### Activity
Using the data below, return every line that holds the word "slanted".

┌────────

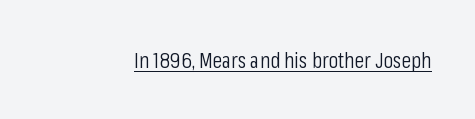
Q: Is the text bold? A: No.
Q: Is the text italic (slanted)? A: No, it is upright.
Q: Is the text underlined? A: Yes.
Q: Is the spacing between letters normal or unusually wide? A: Normal.
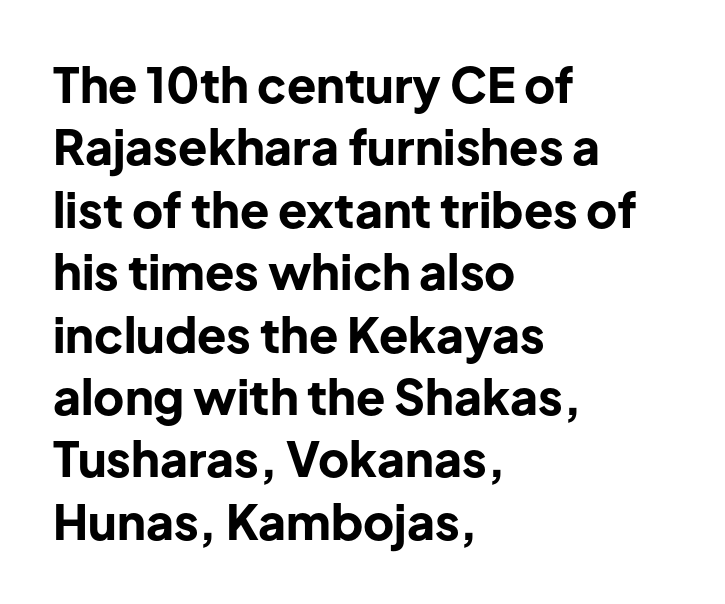
The image shows 48 px bold sans-serif type, upright; set left-aligned, normal line spacing (1.3x), normal letter spacing, not underlined; low stroke contrast and a medium x-height.
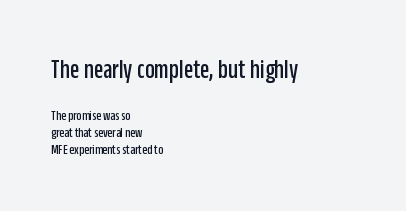
{"italic": "no", "underline": "no", "align": "left", "line_spacing_ratio": 1.22, "letter_spacing": "normal", "letter_spacing_em": 0.0, "larger_block": "first", "size_ratio": 1.93, "glyph_px": 27}
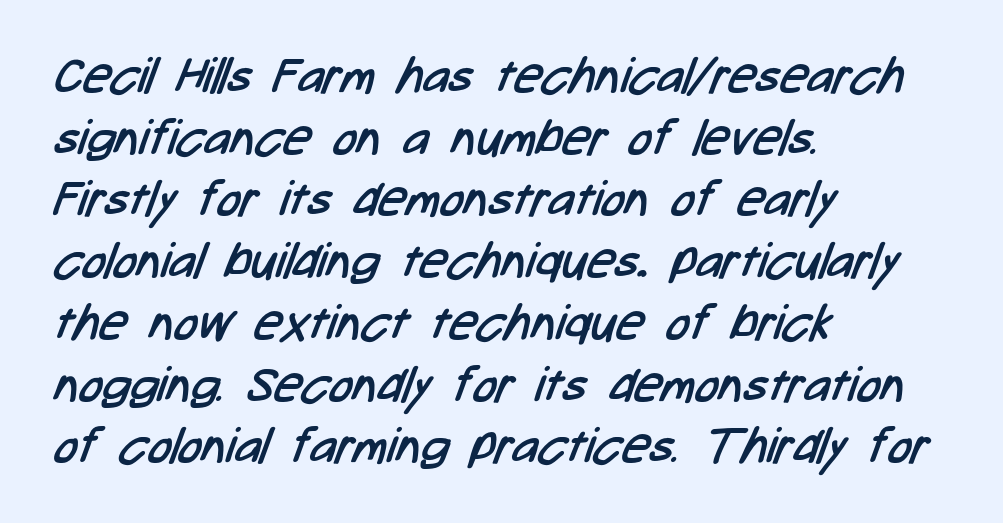
The rows are spaced the way most documents space them. Tracking here is standard; glyphs follow each other at the usual distance. Proportional: the letters do not fall into vertical columns. The strokes are not fattened; the text isn't bold.
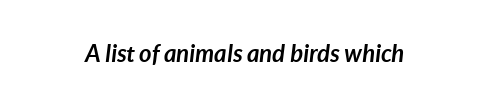
Q: Is the text bold? A: Yes.
Q: Is the text italic (slanted)? A: Yes, it leans right by about 7 degrees.
Q: Is the text underlined? A: No.
Q: Is the spacing between letters normal or unusually wide? A: Normal.
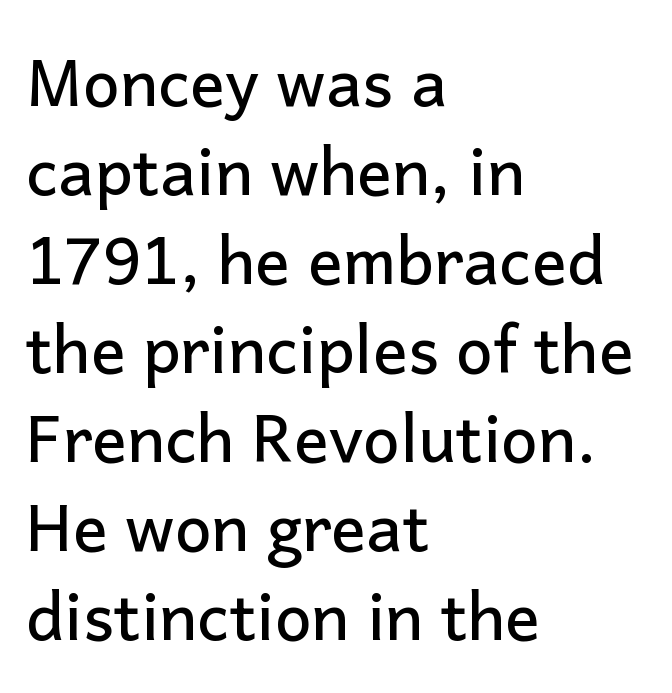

└────────

### Written solution
Q: Is the text italic (slanted)? A: No, it is upright.
Q: Is the text italic (slanted)? A: Yes, it leans right by about 7 degrees.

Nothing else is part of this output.